- [Problem description]:
Look through the data below for the line with "މީޓަރު ދިގު 15" and the line with "ބޮޑުވަޒީރު ނަރެންދުރަ މޯދީ(ވ)", then transcribe exactly from the first through the second, leaving out all pictures.

- [Supplied entries]:
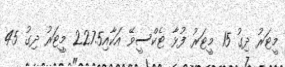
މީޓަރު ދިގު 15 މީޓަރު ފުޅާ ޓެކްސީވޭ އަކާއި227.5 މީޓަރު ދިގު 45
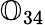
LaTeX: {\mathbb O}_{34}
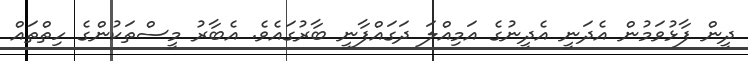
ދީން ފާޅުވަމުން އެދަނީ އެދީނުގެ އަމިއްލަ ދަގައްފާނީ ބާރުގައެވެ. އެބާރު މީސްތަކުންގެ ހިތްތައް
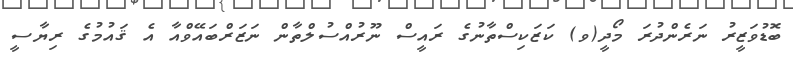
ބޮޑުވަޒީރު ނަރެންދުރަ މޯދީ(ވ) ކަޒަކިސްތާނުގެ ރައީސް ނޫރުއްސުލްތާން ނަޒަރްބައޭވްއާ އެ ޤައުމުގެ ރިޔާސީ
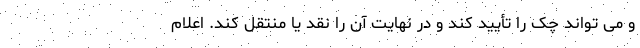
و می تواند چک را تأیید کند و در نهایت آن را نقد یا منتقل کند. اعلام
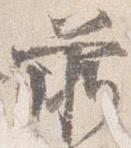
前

* * *

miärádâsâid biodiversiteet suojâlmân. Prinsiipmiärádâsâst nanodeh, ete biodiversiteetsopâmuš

- [Final answer]:
މީޓަރު ދިގު 15 މީޓަރު ފުޅާ ޓެކްސީވޭ އަކާއި227.5 މީޓަރު ދިގު 45
LaTeX: {\mathbb O}_{34}
ދީން ފާޅުވަމުން އެދަނީ އެދީނުގެ އަމިއްލަ ދަގައްފާނީ ބާރުގައެވެ. އެބާރު މީސްތަކުންގެ ހިތްތައް
ބޮޑުވަޒީރު ނަރެންދުރަ މޯދީ(ވ) ކަޒަކިސްތާނުގެ ރައީސް ނޫރުއްސުލްތާން ނަޒަރްބައޭވްއާ އެ ޤައުމުގެ ރިޔާސީ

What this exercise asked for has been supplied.